Centrality measurement, such as degree centrality, betweenness, and eigenvector centrality, are among the most popular ones. Degree centrality is the simplest centrality measurement. Given a graph G, denote the set of vertices of G as V(G), and then the degree centrality for any v ∈ V(G) is defined as CD(v)=d(v)|V(G)|−1,(1) where d(v) is the degree of v and |V(G)| is the number of vertices in G. Degree centrality considers only the local topology of the network. It may be interpreted as a measure of immediate influence, rather than global impact in the network.

The betweenness centrality for any v ∈ V(G) is defined as CB(v)=2(|V(G)|−1)(|V(G)|−2)∑s≠v≠t σst(v)σst,(2) where s, v, t ∈ V(G), σst is the number of shortest paths from s to t, and σst(v) is the number of shortest paths from s to t that pass through the vertex v. Betweenness centrality is one of the most popular centrality measures which consider the global structure of the network. It characterizes how influential a vertex is in communicating between vertex pairs. The eigenvector centrality score of the ith vertex in the network is defined as the ith element of the eigenvector corresponding to the largest eigenvalue of the following characteristic equation: Ax=λx,(3) where A is the adjacency matrix of the network, λ is the largest eigenvalue of A, and x is the corresponding eigenvector.

It simulates a mechanism in which each vertex affects all of its neighbors simultaneously.

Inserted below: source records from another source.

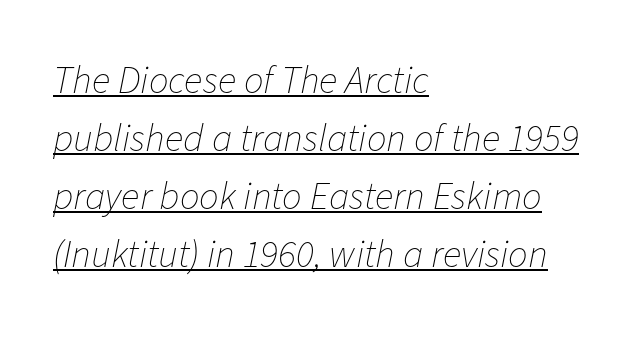
In terms of leading, this rendering sits right in the middle. Students, note that the glyphs here touch the page at normal intervals. Yep, that's italic — everything's leaning. The paragraph has a hard left edge and a soft right edge. Note the varied advance widths — an 'i' is clearly narrower than an 'm'.
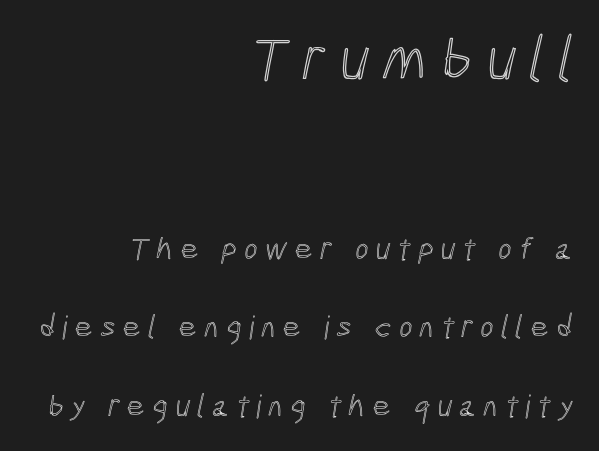
The image shows 63 px condensed type; set right-aligned, loose line spacing (2.45x), unusually wide letter spacing (+0.22 em), not underlined; the first (top) block is 1.97x larger; a medium x-height.
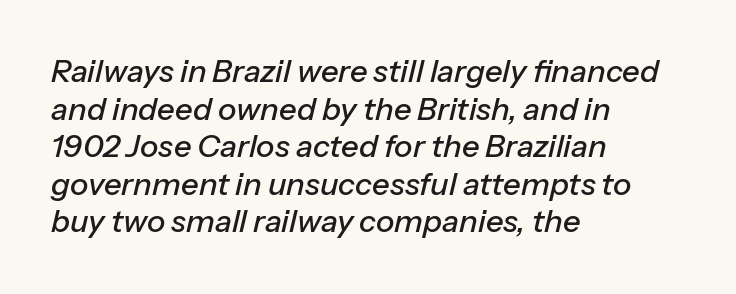
Q: Is the text italic (slanted)? A: Yes, it leans right by about 13 degrees.
Q: Is the text underlined? A: No.
Q: How is the paragraph aligned? A: Left-aligned.
Q: Is the spacing between letters normal or unusually wide? A: Normal.
Q: Width (condensed, normal, or wide)? A: Normal.
Q: Stroke contrast? A: Low.
Q: x-height? A: Medium.
Q: Monospaced? A: No.
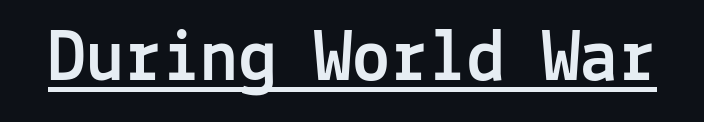
{"serif": "no", "italic": "no", "width": "normal", "x_height": "medium", "monospaced": "yes", "underline": "yes", "letter_spacing": "normal", "letter_spacing_em": 0.0, "glyph_px": 76}
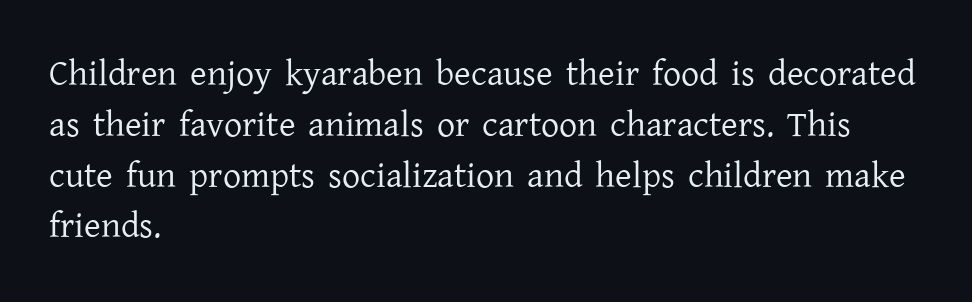
{"serif": "yes", "italic": "no", "bold": "no", "weight": "regular", "width": "normal", "stroke_contrast": "low", "x_height": "medium", "monospaced": "no", "underline": "no", "align": "left", "line_spacing": "normal", "line_spacing_ratio": 1.41, "letter_spacing": "normal", "letter_spacing_em": 0.0, "glyph_px": 36}
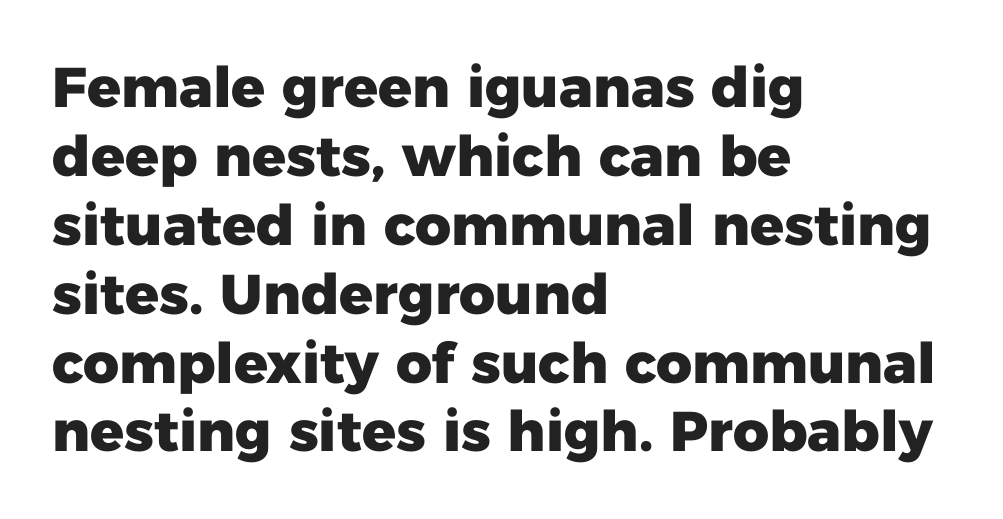
{"serif": "no", "italic": "no", "bold": "yes", "weight": "heavy", "width": "normal", "stroke_contrast": "low", "x_height": "medium", "monospaced": "no", "underline": "no", "align": "left", "line_spacing_ratio": 1.23, "letter_spacing": "normal", "letter_spacing_em": 0.0, "glyph_px": 56}
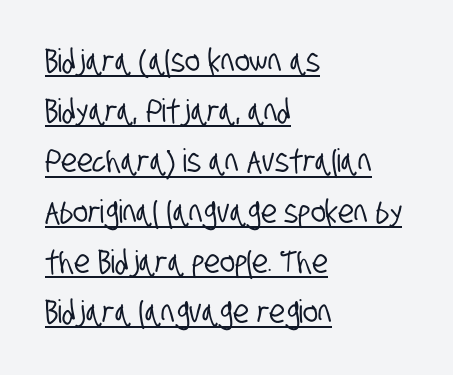
You could not count columns in this text — the font is proportionally spaced. Serifs: no, the terminals of the letterforms are clean. Characters follow at the spacing the type designer built in. Compared with a centered layout, this one pins lines to the left instead. One glance says typical: line gaps are just what's usual.
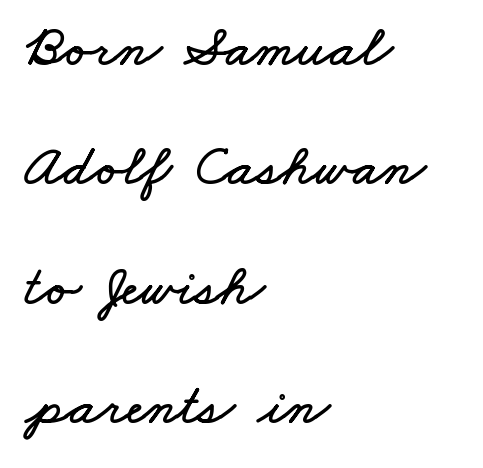
{"width": "wide", "stroke_contrast": "low", "x_height": "small", "monospaced": "no", "underline": "no", "align": "left", "line_spacing": "loose", "line_spacing_ratio": 2.06, "letter_spacing": "normal", "letter_spacing_em": 0.0, "glyph_px": 58}
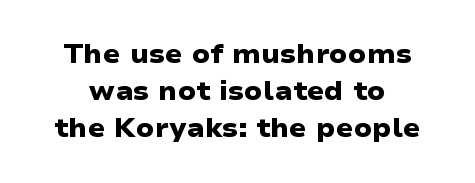
{"bold": "yes", "underline": "no", "line_spacing": "normal", "line_spacing_ratio": 1.42, "letter_spacing": "normal", "letter_spacing_em": 0.0, "glyph_px": 26}
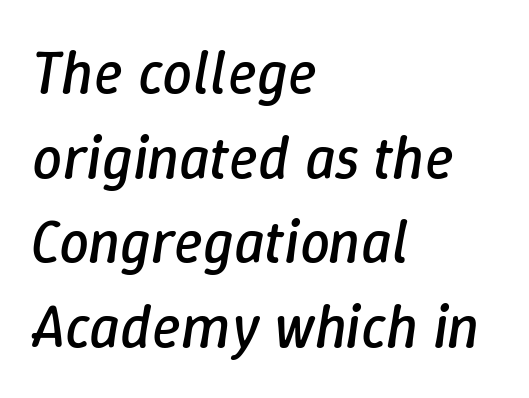
{"italic": "yes", "lean": "right", "slant_degrees": 9, "bold": "no", "weight": "regular", "width": "normal", "stroke_contrast": "low", "x_height": "medium", "monospaced": "no", "underline": "no", "align": "left", "line_spacing": "normal", "line_spacing_ratio": 1.41, "letter_spacing": "normal", "letter_spacing_em": 0.0, "glyph_px": 60}
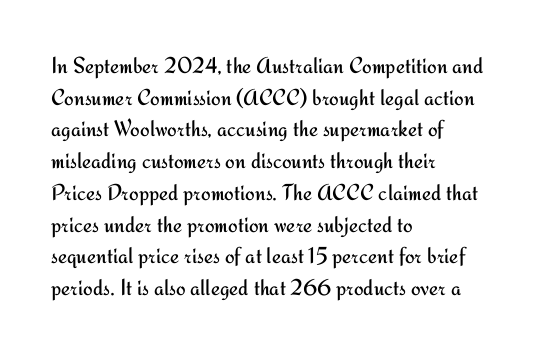
A roman cut, with each character standing at attention. Line spacing here is normal. The text block is weighted toward the left margin, trailing off unevenly rightward. Lines of text with bare space underneath. Nothing unusual about the tracking: characters are spaced as the font intends. A quiet, ordinary-to-light weight characterises the typeface.
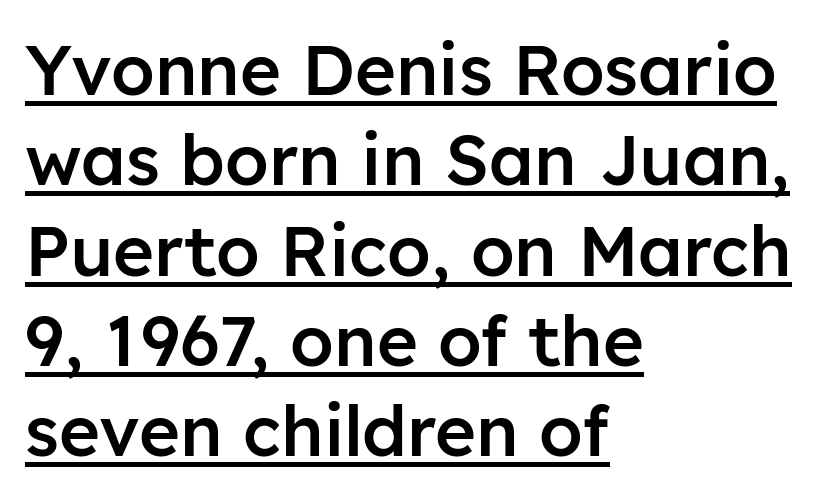
The image shows 70 px semibold sans-serif type, upright; set left-aligned, normal line spacing (1.29x), normal letter spacing, underlined; low stroke contrast and a medium x-height.
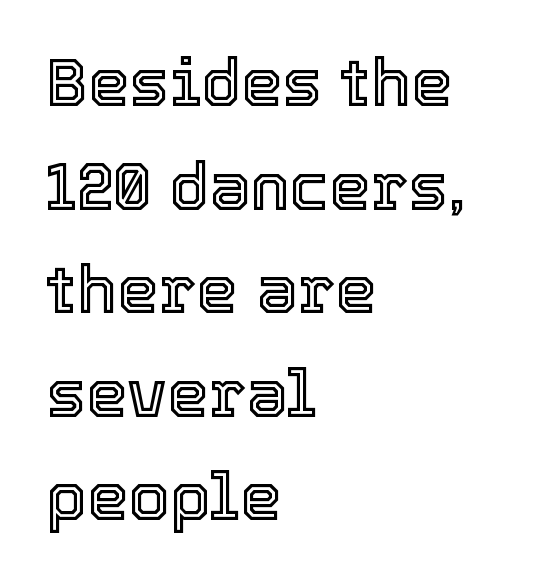
The image shows 66 px text type, upright; set left-aligned, normal line spacing (1.57x), normal letter spacing, not underlined; a medium x-height.
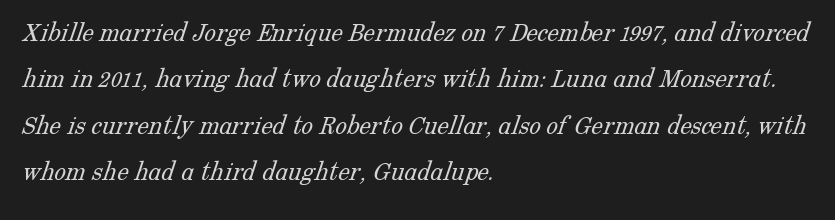
The face used here is seriffed, in the tradition of book romans. Caption: standard tracking, unaltered. Weight: regular or lighter. Character widths vary here, with narrow letters taking less room than wide ones. Is there much room between lines? A standard amount, neither cramped nor airy.
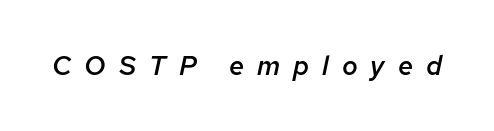
The image shows 27 px text type, italic (leaning right); set unusually wide letter spacing (+0.48 em), not underlined.
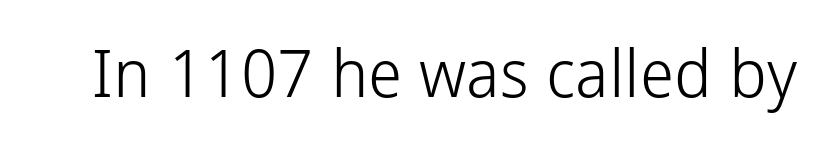
Q: Is the text bold? A: No.
Q: Is the text italic (slanted)? A: No, it is upright.
Q: Is the typeface a serif or a sans-serif typeface? A: Sans-serif.
Q: Is the text underlined? A: No.
Q: Is the spacing between letters normal or unusually wide? A: Normal.
Q: Width (condensed, normal, or wide)? A: Normal.
Q: Stroke contrast? A: Low.
Q: x-height? A: Medium.
Q: Monospaced? A: No.
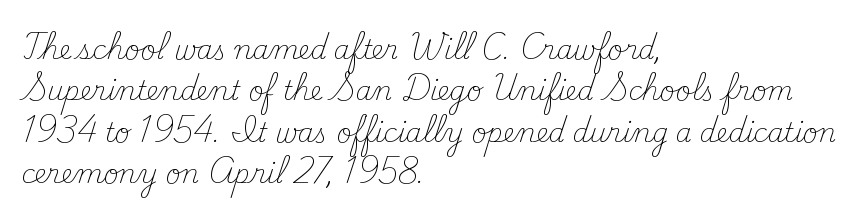
{"bold": "no", "underline": "no", "align": "left", "line_spacing": "normal", "line_spacing_ratio": 1.59, "letter_spacing": "normal", "letter_spacing_em": 0.0, "glyph_px": 26}
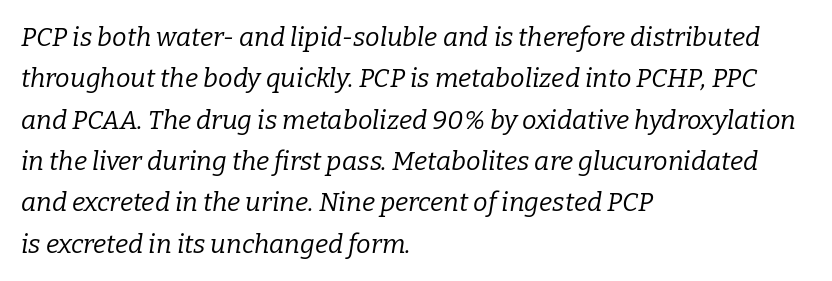
{"italic": "yes", "lean": "right", "slant_degrees": 9, "bold": "no", "underline": "no", "align": "left", "line_spacing": "normal", "line_spacing_ratio": 1.59, "letter_spacing": "normal", "letter_spacing_em": 0.0, "glyph_px": 26}
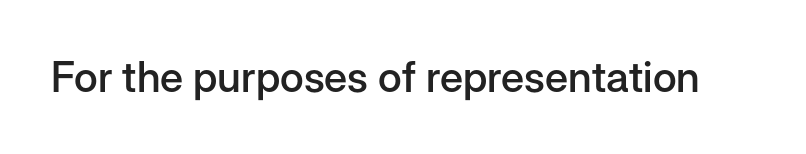
The image shows 42 px semibold sans-serif type, upright; set normal letter spacing, not underlined; low stroke contrast and a medium x-height.
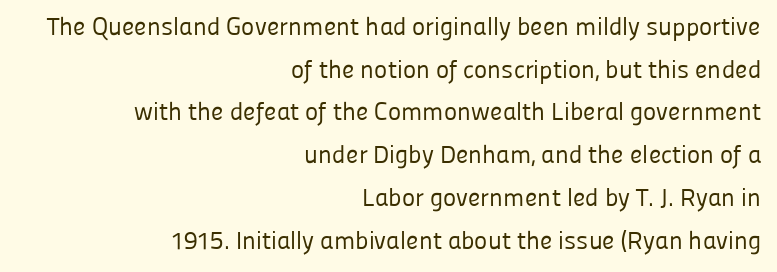
Honestly, the letter spacing is just normal — you wouldn't notice it. Posture: upright roman. The words here are not underlined. The weight would be labelled regular, book, light, or lighter still. A flush-right, rag-left setting is used for this passage.
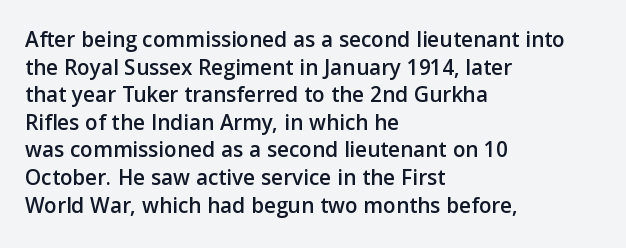
{"italic": "no", "underline": "no", "align": "left", "line_spacing_ratio": 1.2, "letter_spacing": "normal", "letter_spacing_em": 0.0, "glyph_px": 23}
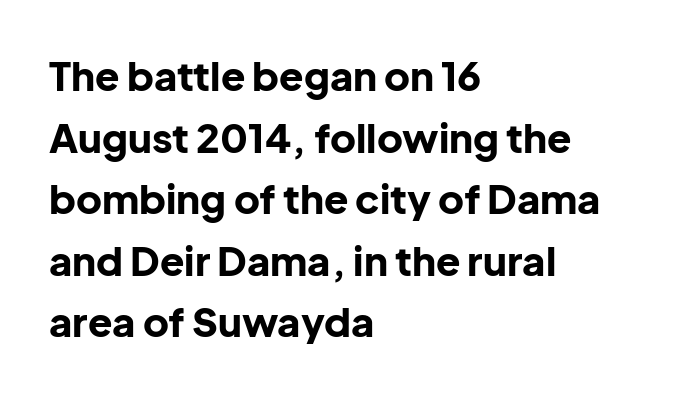
The passage shown has conventional tracking throughout. As a designer I'd log this as weight 700, bold. Type without underlining. Notice how the passage keeps a crisp vertical edge on the left only.
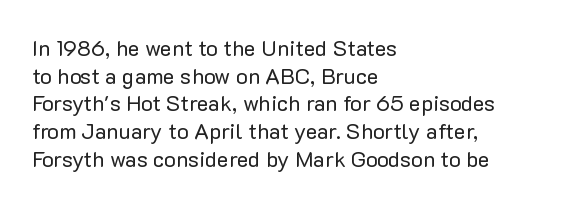
The typeface has the unassuming heft of standard copy or less. Vertical strokes here are truly vertical. A clean baseline with only descenders dipping below it. Default kerning and tracking; the words read as compact shapes.
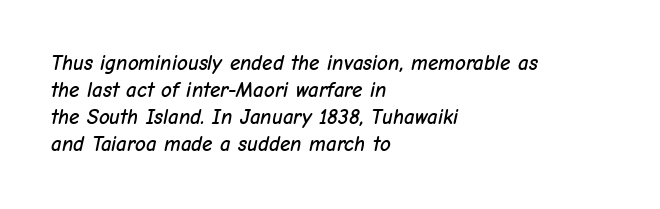
The gap between lines stays unmarked. Line starts are locked; line ends wander. Rendered with sloped, italic letterforms. What stands out about the letter spacing? Nothing — it is the standard amount. Line spacing here is normal.
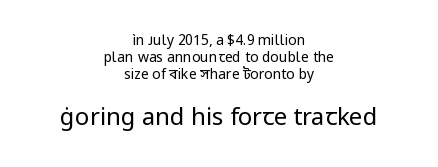
The image shows 24 px text type, upright; set centered, line spacing 1.2x, normal letter spacing, not underlined; the second (bottom) block is 1.71x larger.
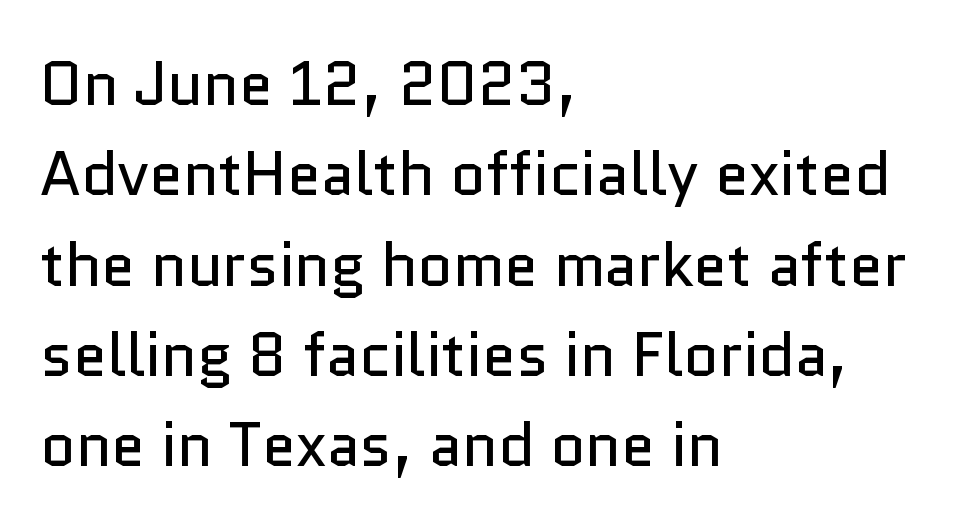
{"serif": "no", "italic": "no", "bold": "no", "weight": "regular", "width": "normal", "stroke_contrast": "low", "x_height": "medium", "monospaced": "no", "underline": "no", "align": "left", "line_spacing": "normal", "line_spacing_ratio": 1.48, "letter_spacing": "normal", "letter_spacing_em": 0.0, "glyph_px": 61}
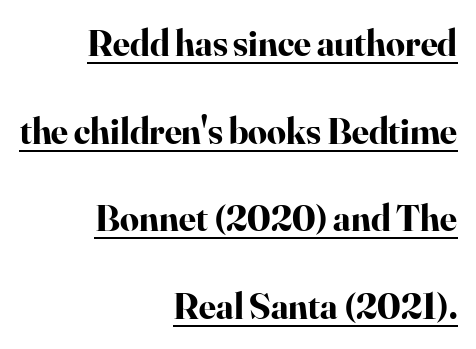
The image shows 37 px bold serif type, upright; set right-aligned, loose line spacing (2.37x), normal letter spacing, underlined; high stroke contrast and a small x-height.
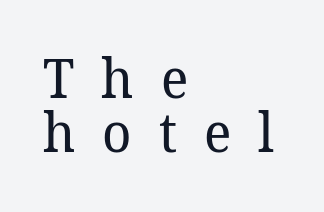
Inter-character spacing is expanded well beyond the font's built-in metrics. Posture: upright roman. Weight class: somewhere from thin through regular. Is this a fixed-width face? No — the glyphs have proportional, varying widths.
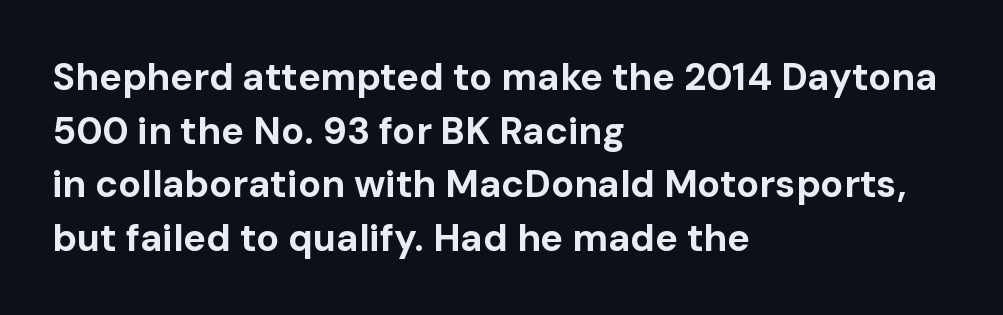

Eigenvector centrality is a type of extended degree centrality that is proportional to the sum of the centralities of the vertex's neighbors. A vertex has large value of eigenvector centrality score either if it is connected to many other vertices or if it is connected to others that themselves have high eigenvector centrality. Since different centrality measures are based on different aspects of a network, the final centrality scores and ranking of the nodes in the network may be different. The difference may be discussed in Section 4.3. Centrality Guided Clustering In this section, some notation and terminology are introduced and the centrality guided clustering (CGC) algorithm is presented.

Given an input dataset, the dataset is modeled being a weighted graph G = (V, E, w). V is the vertex set. Every single vertex in V represents an component from the dataset. |V(G)| represents the number of vertices in G (or factors while in the dataset). E is definitely the edge set. Just about every edge represents a romance involving a pair of components.